The autoreload extension is already loaded. To reload it, use:
  %reload_ext autoreload


In [41]:
from src.exp.common.setup import *
from src.exp.common.load_data import load_data
from src.exp.common.correct_invalid_data import correct_invalid_data
from src.exp.common.preprocessing import preprocessing
from src.exp.common.fill_missing_data import fill_missing_data
from src.exp.common.one_hot_encoding import one_hot_encoding
from src.exp.common.create_cv_df import create_cv_df
from src.exp.common.target_encoding import target_encoding
from src.exp.common.drop_unused_columns import drop_unused_columns
from src.exp.common.rename_non_ascii_cols import rename_non_ascii_cols

# Step 1. Load train.csv, test.csv
with timer("load data"):
    train_df, test_df = load_data(DATA_DIR=DATA_DIR)
    original_train_df, original_test_df = load_data(DATA_DIR=DATA_DIR)
    train_df = correct_invalid_data(train_df)
    original_train_df = correct_invalid_data(original_train_df)

# Step 2. Preprocessing
with timer("preprocessing"):
    train_df = preprocessing(df=train_df)
    test_df = preprocessing(df=test_df)

with timer("fill missing data"):
    for col_name in ["direction", "material", "layout"]:
        train_df = fill_missing_data(
            df=train_df, col_name=col_name, method="most_frequent"
        )
        test_df = fill_missing_data(
            df=test_df, col_name=col_name, method="most_frequent"
        )

# Step 3. Feature Engineering

# Step 4. One-Hot Encoding
with timer("one hot encoding"):
    for col_name in ["direction", "layout", "material"]:
        train_df = one_hot_encoding(df=train_df, col_name=col_name)
        test_df = one_hot_encoding(df=test_df, col_name=col_name)
    
# Step 5. Create dataframe for CV
with timer("create dataframe for CV"):
    cv_df = create_cv_df(n_splits=N_FOLDS, random_state=SEED, train_df=train_df)

# Step 6. Target Encoding
with timer("target encoding"):
    col_names = ["address_1", "address_1_2"]
    methods = {"mean": np.mean, "median": np.median}

    cv_df_tmp = cv_df.copy()
    cv_df = pd.DataFrame()
    for n_fold in cv_df_tmp["n_fold"].unique():
        tr_df = cv_df_tmp.query("n_fold == {} and data_type == '{}'".format(n_fold, "train"))
        te_df = cv_df_tmp.query("n_fold == {} and data_type == '{}'".format(n_fold, "val"))
        for col_name in col_names:
            tr_df, te_df = target_encoding(
                tr_df=tr_df, te_df=te_df, col_name=col_name, methods=methods
            )
        cv_df = pd.concat([cv_df, tr_df, te_df])

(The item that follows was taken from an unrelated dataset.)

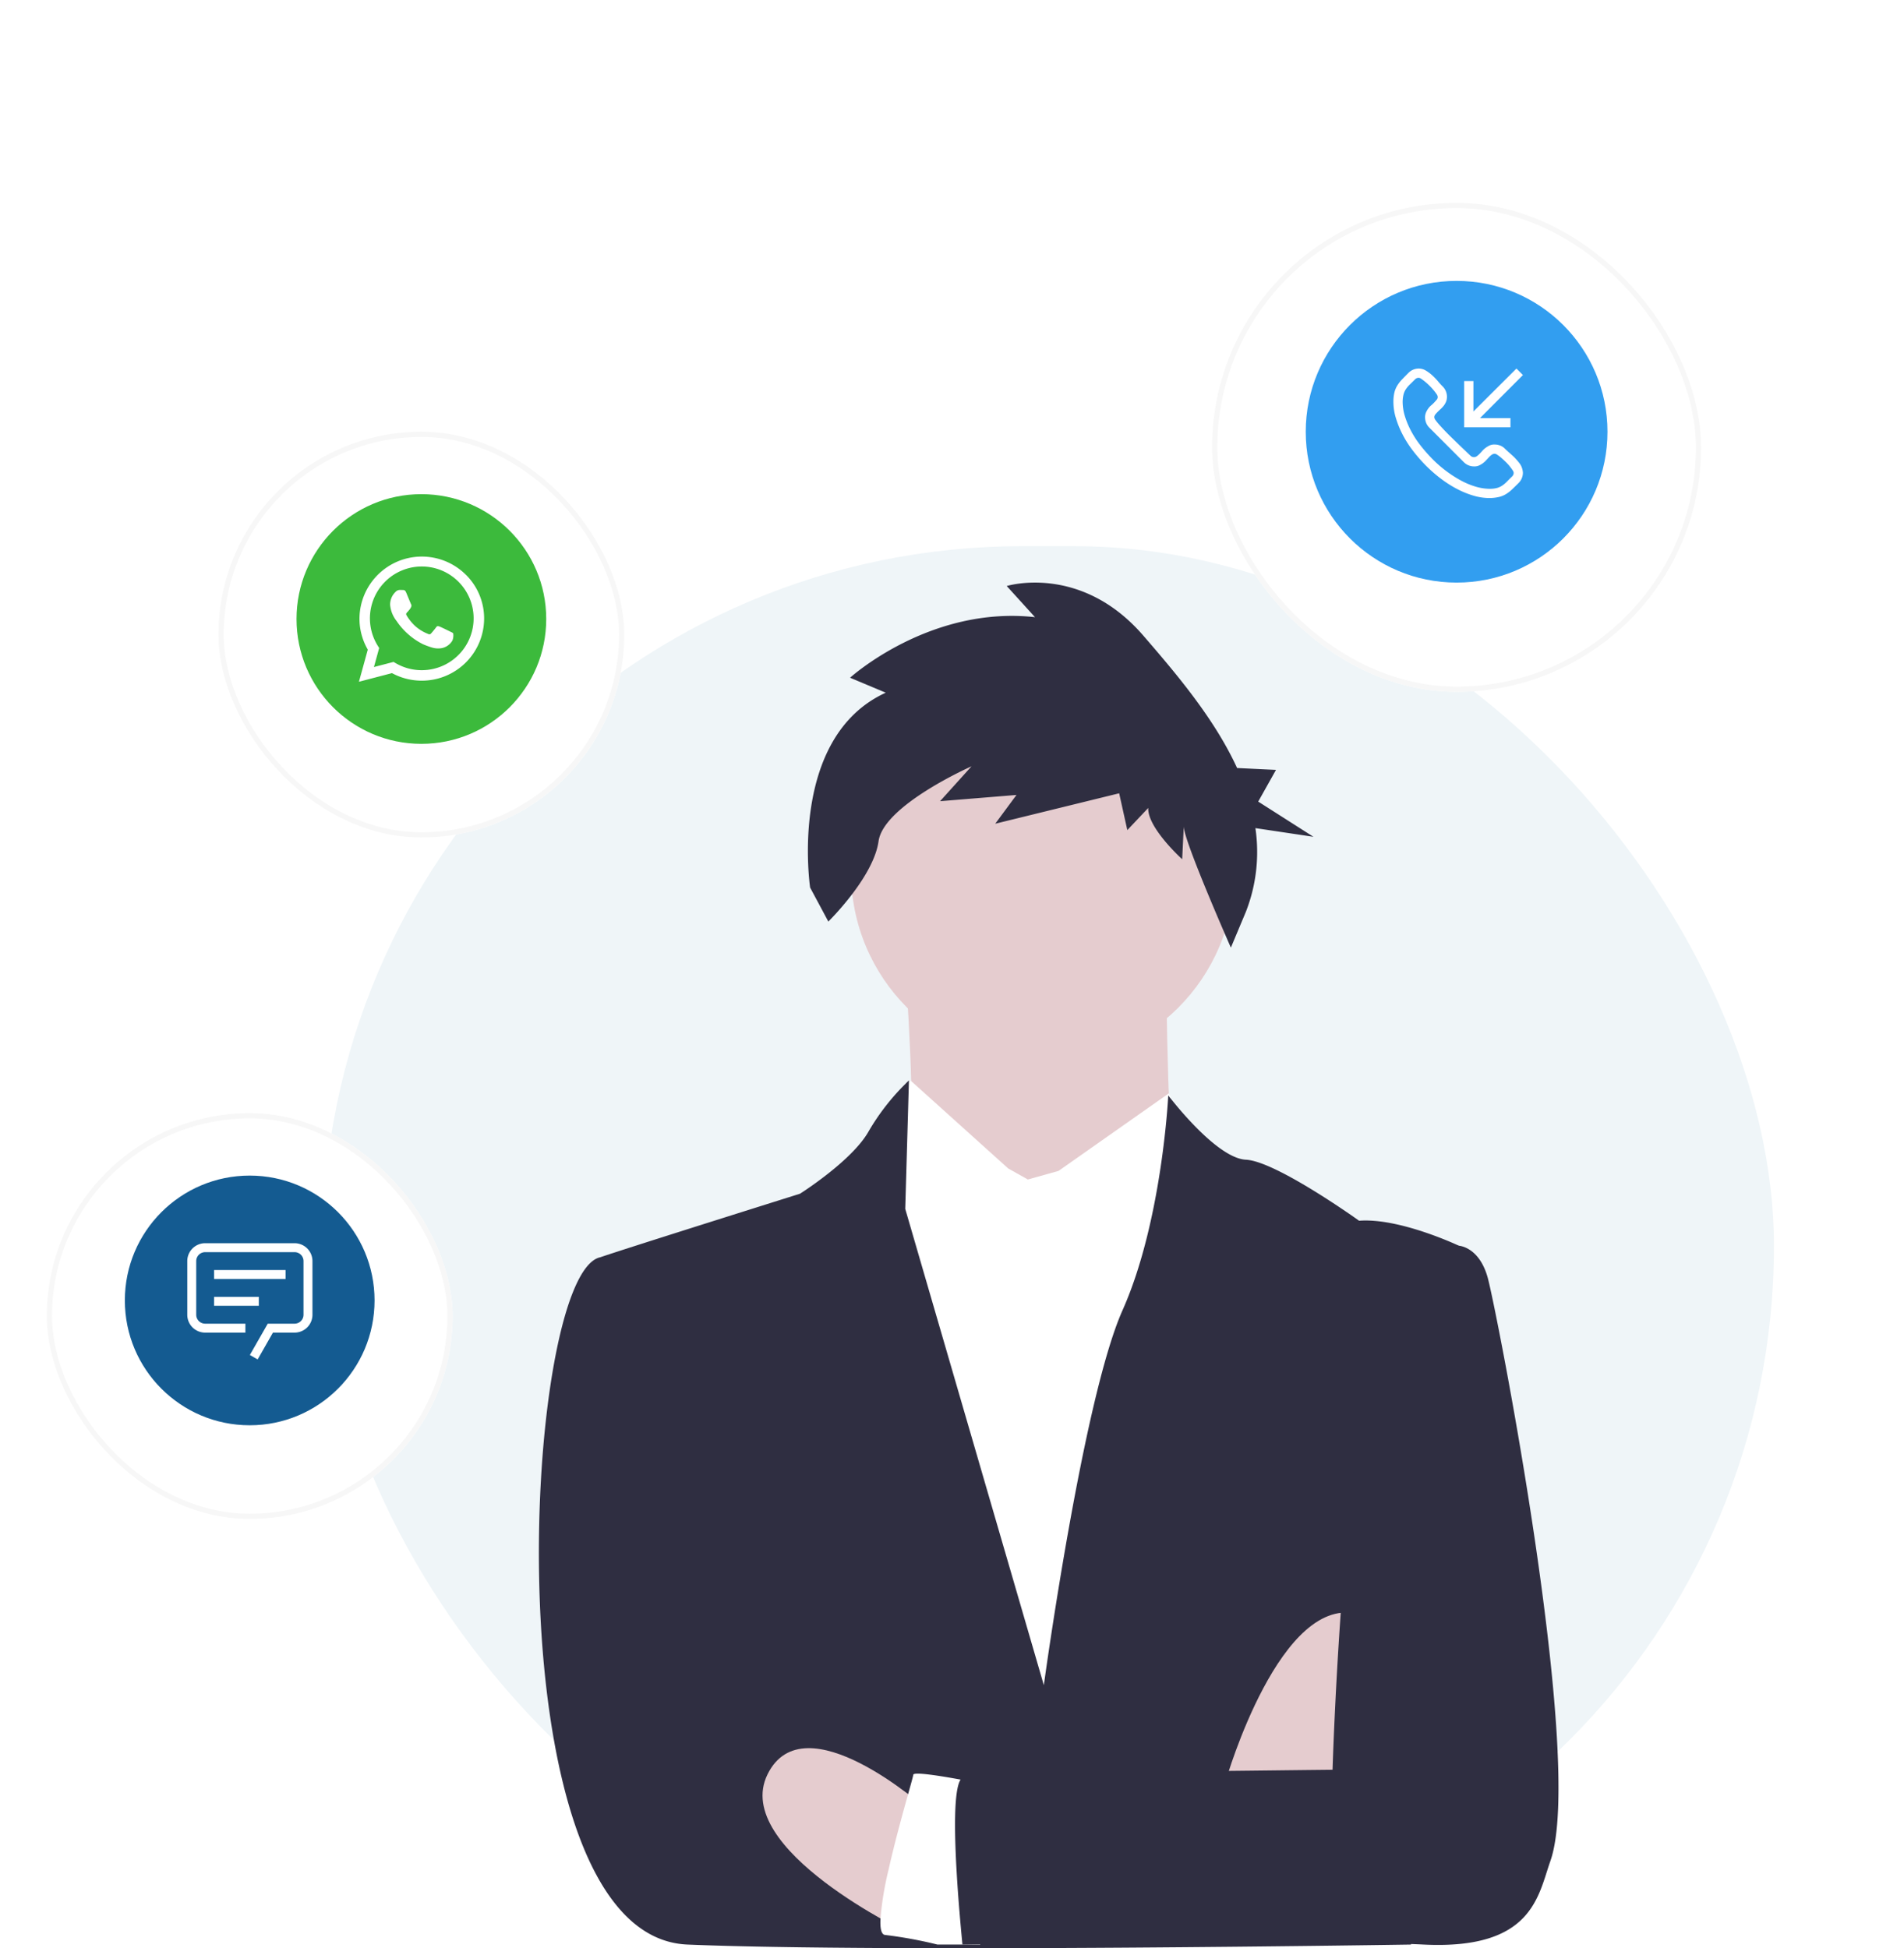 <svg xmlns="http://www.w3.org/2000/svg" xmlns:xlink="http://www.w3.org/1999/xlink" width="366" height="374.536" viewBox="0 0 366 374.536"><defs><style>.a{fill:#eff5f8;}.b{fill:#e5cccf;}.c,.e,.g{fill:#fff;}.d{fill:#2f2e41;}.e{stroke:#f7f7f7;}.f{fill:#3cba3c;}.g{fill-rule:evenodd;}.h{fill:#145b91;}.i{fill:#329ef0;}.j{stroke:none;}.k{fill:none;}.l{filter:url(#e);}.m{filter:url(#c);}.n{filter:url(#a);}</style><filter id="a" x="18" y="59" width="126" height="126" filterUnits="userSpaceOnUse"><feOffset dy="3" input="SourceAlpha"/><feGaussianBlur stdDeviation="8" result="b"/><feFlood flood-opacity="0.161"/><feComposite operator="in" in2="b"/><feComposite in="SourceGraphic"/></filter><filter id="c" x="194" y="0" width="172" height="172" filterUnits="userSpaceOnUse"><feOffset dy="3" input="SourceAlpha"/><feGaussianBlur stdDeviation="13" result="d"/><feFlood flood-opacity="0.161"/><feComposite operator="in" in2="d"/><feComposite in="SourceGraphic"/></filter><filter id="e" x="0" y="205" width="96" height="96" filterUnits="userSpaceOnUse"><feOffset dy="3" input="SourceAlpha"/><feGaussianBlur stdDeviation="3" result="f"/><feFlood flood-opacity="0.161"/><feComposite operator="in" in2="f"/><feComposite in="SourceGraphic"/></filter></defs><g transform="translate(-733 -5800)"><rect class="a" width="279" height="269" rx="134.5" transform="translate(795 5905)"/><g transform="translate(-500.109 3170.944)"><path class="b" d="M454.49,366.881s2.33,32.143,1.268,34.033,18.651,35.843,18.651,35.843l31.516-29.537s-1.909-40.858.122-42.7S454.49,366.881,454.49,366.881Z" transform="translate(952.253 2442.151)"/><circle class="b" cx="36.84" cy="36.84" r="36.84" transform="translate(1396.704 2759.897)"/><path class="c" d="M475.038,421.378l-3.78-2.124-18.651-16.8s-1.858-.693-2.138,5.117l-.281,5.81-12.041,8.154-.552,131.977,83.278,4.023,3.5-132.8-18.806-12.556-3.446-7.346-21.184,14.892Z" transform="translate(955.652 2434.429)"/><path class="d" d="M545.019,434.087l-9.21,134.341s-100.873,1.588-139.072,0S364.861,439.5,379.965,436.3c4.935-1.706,38.391-12.215,38.391-12.215s10-6.311,13.185-11.973a43.9,43.9,0,0,1,7.135-9.2l.019-.019.01-.019c.078-.078.145-.155.223-.223a.13.13,0,0,1,.068-.058c.1-.107.194-.2.3-.3v.145L438.59,427l26.641,91.558s7.5-54.96,15.124-72.062c4.295-9.637,6.544-21.532,7.688-30.083.882-6.622,1.105-11.227,1.105-11.227l.107.136v.01a.01.01,0,0,0,0,.007.01.01,0,0,0,.007,0c.116.145.3.388.572.717l.01.01c2.23,2.792,9.385,11.246,14.232,11.479,5.807.281,21.755,11.731,21.755,11.731C533.628,428.677,545.019,434.087,545.019,434.087Z" transform="translate(968.532 2434.458)"/><path class="b" d="M532.167,562.518s10.493-36.376,25.8-31.754-1.5,30.987-1.5,30.987Z" transform="translate(936.626 2408.692)"/><path class="b" d="M448.758,598.635s-34.213-16.212-27.187-30.575,30.342,6.466,30.342,6.466Z" transform="translate(959.068 2402.123)"/><path class="c" d="M468.166,601.995h-8.212a83.313,83.313,0,0,0-10.024-1.842c-.776-.039-1.028-1.251-.931-3.17a60.272,60.272,0,0,1,1.561-9.414c1.173-5.235,2.744-10.9,3.752-14.5v-.01c.591-2.1.979-3.5.989-3.7.029-.64,5.4.242,9.1.921,1.949.359,3.432.659,3.432.659l.184,17.48Z" transform="translate(953.362 2400.892)"/><path class="d" d="M581.381,560.309c-2.365,6.7-3.434,17.074-24.363,16.045s-88.649,0-88.649,0c-.359-3.7-.814-8.774-1.105-13.8-.475-8.037-.553-15.948.756-17.926a.925.925,0,0,1,.582-.456c2.511-.495,30.878-.94,50.966-1.2,2.792-.029,5.419-.058,7.8-.087,7.242-.087,12.148-.136,12.148-.136s.388-13.262,1.571-30.17c2.084-29.724,6.641-70.724,15.929-70.9l6.786.33s3.868.184,5.526,6.088S588.129,541.22,581.381,560.309Z" transform="translate(949.747 2426.532)"/><path class="d" d="M446.5,303.665l-6.859-2.876s15.3-13.893,35.554-11.643l-5.437-5.989s14.209-4.4,26.26,9.539c6.335,7.329,13.658,15.938,18.023,25.449l7.477.361L518.1,324.6l10.621,6.769L517.561,329.7a31.533,31.533,0,0,1-1.841,16.113l-2.876,6.859s-9.174-20.8-9.052-23.341l-.307,6.347s-6.706-6.05-6.522-9.858l-4.023,4.259-1.567-7.074-23.822,5.847,4.084-5.529-14.691,1.2,6.05-6.706s-16.9,7.454-17.874,14.405-9.653,15.439-9.653,15.439l-3.5-6.531S427.634,312.3,446.5,303.665Z" transform="translate(956.871 2458.558)"/></g><g class="n" transform="matrix(1, 0, 0, 1, 733, 5800)"><g class="e" transform="translate(42 80)"><rect class="j" width="78" height="78" rx="39"/><rect class="k" x="0.5" y="0.5" width="77" height="77" rx="38.5"/></g></g><g class="m" transform="matrix(1, 0, 0, 1, 733, 5800)"><g class="e" transform="translate(233 36)"><rect class="j" width="94" height="94" rx="47"/><rect class="k" x="0.5" y="0.5" width="93" height="93" rx="46.5"/></g></g><g class="l" transform="matrix(1, 0, 0, 1, 733, 5800)"><g class="e" transform="translate(9 211)"><rect class="j" width="78" height="78" rx="39"/><rect class="k" x="0.5" y="0.5" width="77" height="77" rx="38.5"/></g></g><g transform="translate(790 5895)"><circle class="f" cx="24" cy="24" r="24"/><path class="g" d="M22.807,5.746A11.993,11.993,0,0,0,2.35,14.173a11.849,11.849,0,0,0,1.6,5.962l-1.7,6.177L8.6,24.654a12.011,12.011,0,0,0,5.725,1.45h0A11.97,11.97,0,0,0,26.312,14.18a11.826,11.826,0,0,0-3.5-8.434ZM14.332,24.092h0a9.977,9.977,0,0,1-5.068-1.381L8.9,22.5l-3.769.984,1.006-3.657L5.9,19.447a9.967,9.967,0,1,1,8.436,4.644Zm5.462-7.422c-.3-.149-1.772-.87-2.045-.969s-.474-.149-.674.149-.773.967-.948,1.168-.349.223-.649.074a8.178,8.178,0,0,1-2.408-1.479,9,9,0,0,1-1.665-2.063c-.175-.3-.019-.46.131-.608.134-.134.3-.348.449-.522a2.009,2.009,0,0,0,.3-.5.549.549,0,0,0-.024-.522c-.074-.149-.674-1.616-.923-2.212-.244-.581-.49-.5-.674-.511s-.376-.011-.574-.011a1.1,1.1,0,0,0-.8.373,3.34,3.34,0,0,0-1.048,2.486,5.8,5.8,0,0,0,1.222,3.082,13.3,13.3,0,0,0,5.113,4.5,17.355,17.355,0,0,0,1.707.627,4.125,4.125,0,0,0,1.885.118,3.084,3.084,0,0,0,2.021-1.417,2.49,2.49,0,0,0,.175-1.416c-.074-.124-.274-.2-.574-.348Z" transform="translate(9.75 9.75)"/></g><g transform="translate(757 6026)"><circle class="h" cx="24" cy="24" r="24"/><g transform="translate(12 13)"><path class="c" d="M15.776,26.844l-1.495-.859,3.437-6.016h5.156a1.719,1.719,0,0,0,1.719-1.719V7.937a1.719,1.719,0,0,0-1.719-1.719H5.687A1.719,1.719,0,0,0,3.969,7.937V18.25a1.719,1.719,0,0,0,1.719,1.719h7.734v1.719H5.687A3.437,3.437,0,0,1,2.25,18.25V7.937A3.437,3.437,0,0,1,5.687,4.5H22.875a3.437,3.437,0,0,1,3.437,3.437V18.25a3.437,3.437,0,0,1-3.437,3.437H18.716Z" transform="translate(-2.25 -4.5)"/><path class="c" d="M9,11.25H22.75v1.719H9Z" transform="translate(-3.844 -6.094)"/><path class="c" d="M9,18h8.594v1.719H9Z" transform="translate(-3.844 -7.688)"/></g></g><g transform="translate(984 5854)"><circle class="i" cx="29" cy="29" r="29"/><g transform="translate(16.851 16.851)"><path class="g" d="M22.786,17.061a2.787,2.787,0,0,0-1.057-.208,2.137,2.137,0,0,0-.987.179,4.912,4.912,0,0,0-.765.459,3.852,3.852,0,0,0-.639.583c-.185.213-.364.409-.541.585a4.284,4.284,0,0,1-.515.445.95.95,0,0,1-1.236-.112q-.294-.275-.583-.555-.373-.363-.916-.877-.566-.538-1.125-1.084L13.212,15.3Q12.1,14.208,11.06,13.045a9.448,9.448,0,0,1-.7-.861,1.144,1.144,0,0,1-.251-.528.818.818,0,0,1,.179-.555,6.039,6.039,0,0,1,.459-.515c.178-.175.372-.361.583-.555a5.32,5.32,0,0,0,.585-.626,3.312,3.312,0,0,0,.445-.765,2.5,2.5,0,0,0,.179-.971,2.787,2.787,0,0,0-.806-1.961A13.523,13.523,0,0,1,10.8,4.681,11.537,11.537,0,0,0,9.7,3.542,7.482,7.482,0,0,0,8.46,2.625,2.6,2.6,0,0,0,7.126,2.25a2.787,2.787,0,0,0-1.958.805Q4.445,3.779,3.9,4.349A7.125,7.125,0,0,0,2.986,5.53a4.677,4.677,0,0,0-.555,1.36A7.807,7.807,0,0,0,2.25,8.7a10.676,10.676,0,0,0,.473,3.057A18.477,18.477,0,0,0,4,14.907a20.715,20.715,0,0,0,1.96,3.086,29.6,29.6,0,0,0,2.5,2.876,27.23,27.23,0,0,0,2.864,2.514,21.986,21.986,0,0,0,3.1,1.986A17.327,17.327,0,0,0,17.6,26.674a10.95,10.95,0,0,0,3.113.473,8.352,8.352,0,0,0,1.793-.2,4.606,4.606,0,0,0,1.375-.555,7.032,7.032,0,0,0,1.181-.916q.57-.544,1.279-1.252a2.789,2.789,0,0,0,.8-1.959,3.573,3.573,0,0,0-.181-.916,2.977,2.977,0,0,0-.457-.861q-.311-.409-.654-.791a9.571,9.571,0,0,0-.749-.751q-.381-.342-.765-.681-.336-.3-.653-.612a2.7,2.7,0,0,0-.9-.6Zm-.653,8.156a5.566,5.566,0,0,1-1.417.153,9.827,9.827,0,0,1-2.7-.43A14.871,14.871,0,0,1,15.2,23.759a23.485,23.485,0,0,1-5.419-4.085,30.5,30.5,0,0,1-2.292-2.6A18.677,18.677,0,0,1,5.656,14.27a16.22,16.22,0,0,1-1.2-2.864,9.44,9.44,0,0,1-.431-2.75,5.94,5.94,0,0,1,.167-1.405,3.383,3.383,0,0,1,.459-1.04A5.446,5.446,0,0,1,5.4,5.322q.446-.432,1.013-1a.964.964,0,0,1,.711-.292.956.956,0,0,1,.512.222c.231.158.482.347.751.569a12.552,12.552,0,0,1,1.6,1.6,8.634,8.634,0,0,1,.555.736,1.068,1.068,0,0,1,.222.514.763.763,0,0,1-.179.555c-.13.149-.285.32-.459.515a6,6,0,0,1-.583.555,3.427,3.427,0,0,0-.585.624,4.03,4.03,0,0,0-.445.779,2.392,2.392,0,0,0-.179.96,2.931,2.931,0,0,0,.222,1.067,2.688,2.688,0,0,0,.6.889l6.626,6.629a2.716,2.716,0,0,0,1.96.818,2.134,2.134,0,0,0,.973-.178,4.294,4.294,0,0,0,1.4-1.043c.2-.213.373-.409.542-.585a3.264,3.264,0,0,1,.514-.445.969.969,0,0,1,.555-.179,1.079,1.079,0,0,1,.528.222,7.515,7.515,0,0,1,.736.569c.269.231.546.488.834.765a8.959,8.959,0,0,1,.765.834c.221.277.407.528.555.751a1.062,1.062,0,0,1,.222.514.948.948,0,0,1-.292.694c-.4.39-.736.729-1.013,1.013a5.618,5.618,0,0,1-.889.751,3.433,3.433,0,0,1-1.043.473ZM27.148,3.5,18.9,11.768h5.848v1.778H15.851V4.654H17.63V10.5L25.9,2.25l1.25,1.25Z" transform="translate(-2.249 -2.25)"/></g></g></g></svg>

    for col_name in col_names:
        train_df, test_df = target_encoding(
            tr_df=train_df, te_df=test_df, col_name=col_name, methods=methods
        )

# Step 7. Drop unused columns
with timer("drop unused columns"):
    train_df = drop_unused_columns(df=train_df)
    test_df = drop_unused_columns(df=test_df)
    cv_df = drop_unused_columns(df=cv_df)

# Step 8. Rename non-ascii columns as lightGBM doesn't support them.
with timer("rename non-ascii cols"):
    train_df = rename_non_ascii_cols(df=train_df)
    cv_df = rename_non_ascii_cols(df=cv_df)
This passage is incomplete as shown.